[Data — start]

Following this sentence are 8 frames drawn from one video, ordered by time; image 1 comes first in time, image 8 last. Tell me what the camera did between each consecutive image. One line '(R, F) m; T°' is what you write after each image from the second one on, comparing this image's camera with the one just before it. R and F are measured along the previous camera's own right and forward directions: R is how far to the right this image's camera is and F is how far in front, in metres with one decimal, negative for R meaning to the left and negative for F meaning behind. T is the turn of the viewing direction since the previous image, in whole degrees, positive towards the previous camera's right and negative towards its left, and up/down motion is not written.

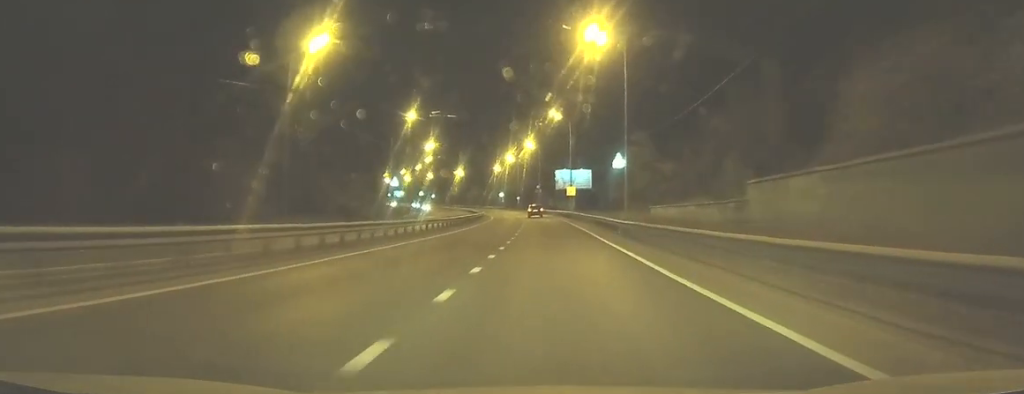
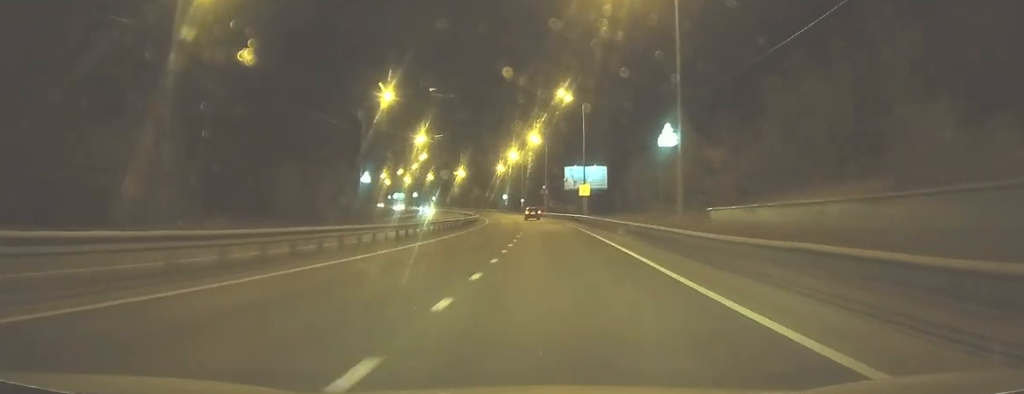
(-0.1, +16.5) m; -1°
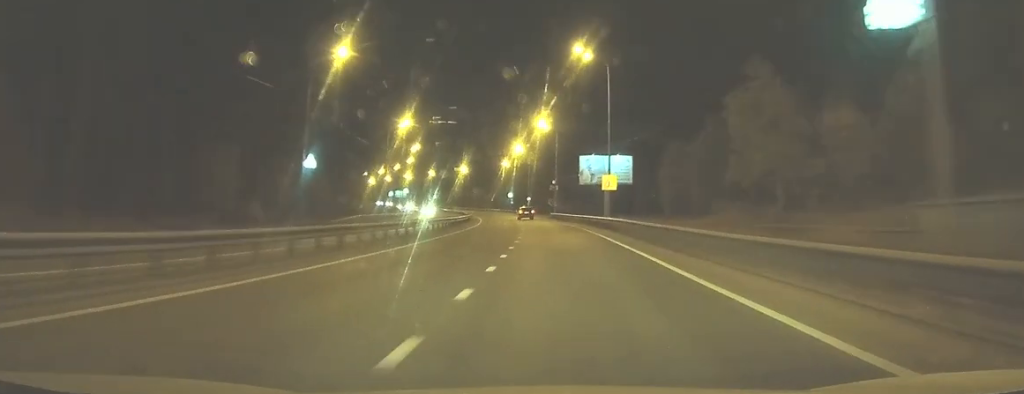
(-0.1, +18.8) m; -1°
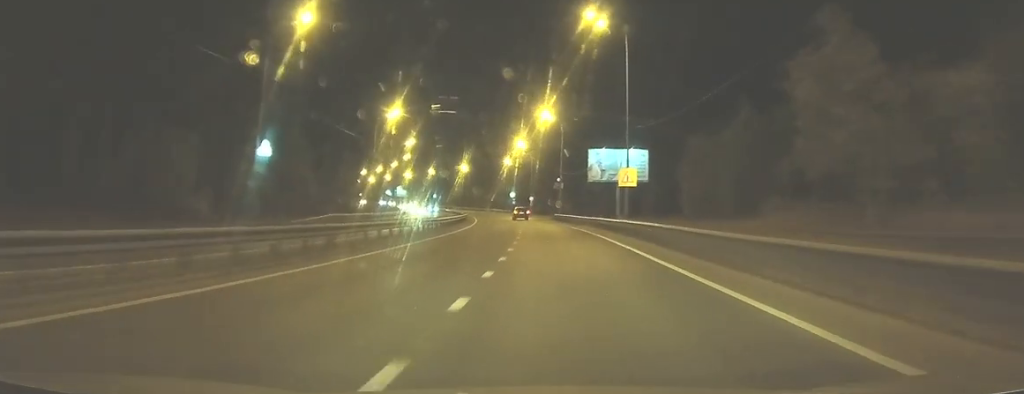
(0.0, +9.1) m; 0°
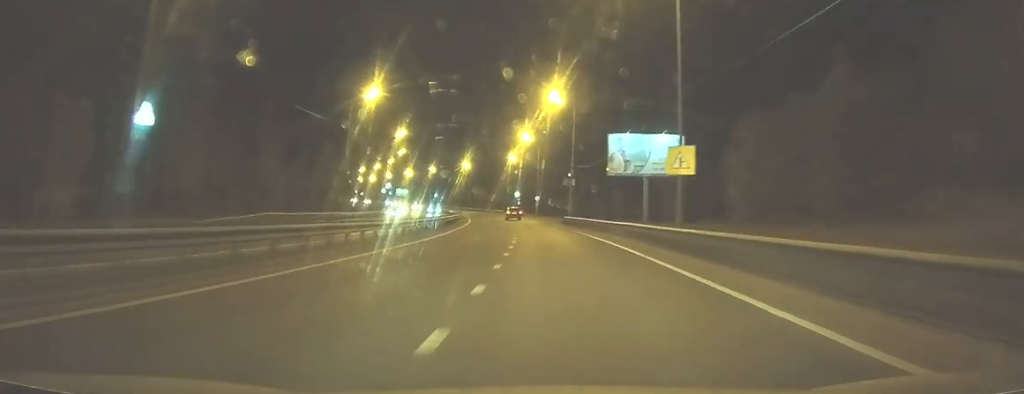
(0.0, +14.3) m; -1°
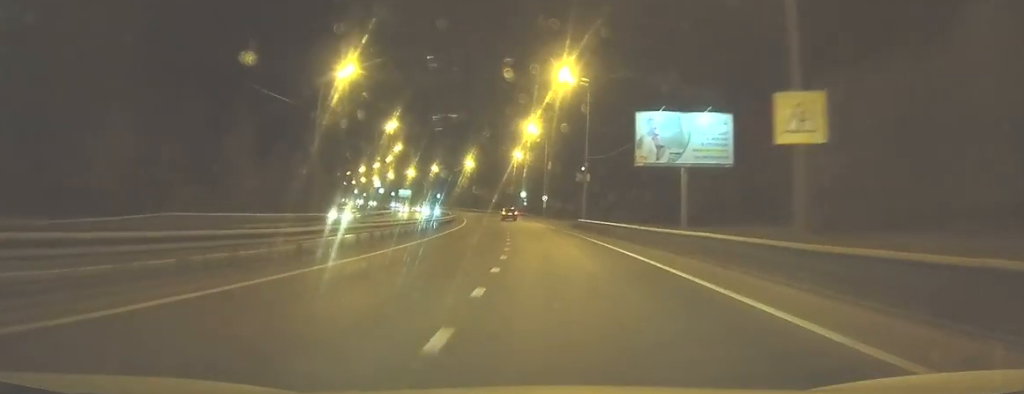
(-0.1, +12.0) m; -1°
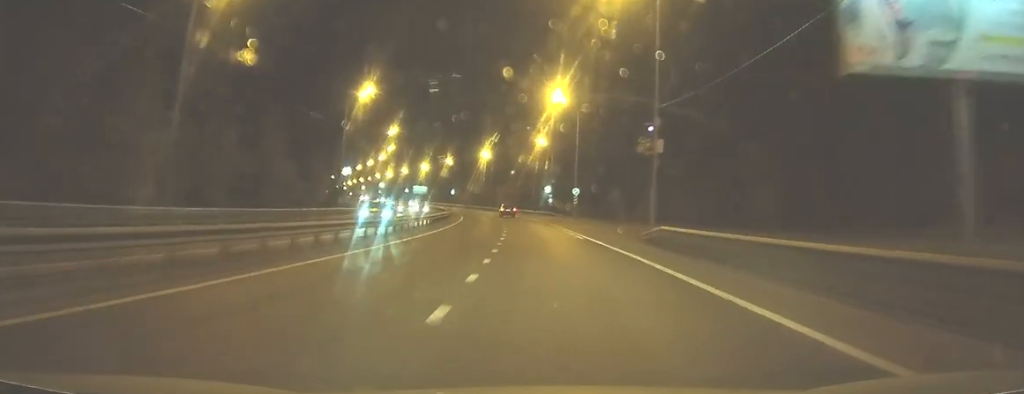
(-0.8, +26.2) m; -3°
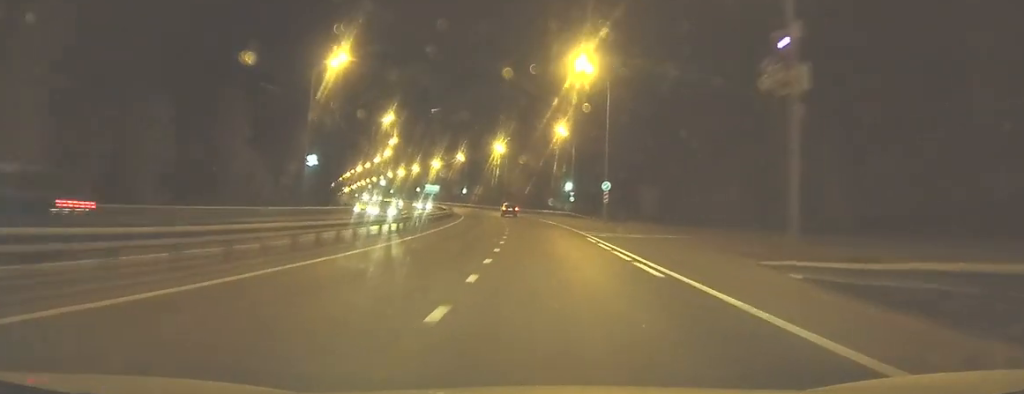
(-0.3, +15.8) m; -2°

[Data — finish]

## Instructions for the task
Where pictures appear, skip them and transcribe all other material word for word.

## Worked solution
Following this sentence are 8 frames drawn from one video, ordered by time; image 1 comes first in time, image 8 last. Tell me what the camera did between each consecutive image. One line '(R, F) m; T°' is what you write after each image from the second one on, comparing this image's camera with the one just before it. R and F are measured along the previous camera's own right and forward directions: R is how far to the right this image's camera is and F is how far in front, in metres with one decimal, negative for R meaning to the left and negative for F meaning behind. T is the turn of the viewing direction since the previous image, in whole degrees, positive towards the previous camera's right and negative towards its left, and up/down motion is not written.

(-0.1, +16.5) m; -1°
(-0.1, +18.8) m; -1°
(0.0, +9.1) m; 0°
(0.0, +14.3) m; -1°
(-0.1, +12.0) m; -1°
(-0.8, +26.2) m; -3°
(-0.3, +15.8) m; -2°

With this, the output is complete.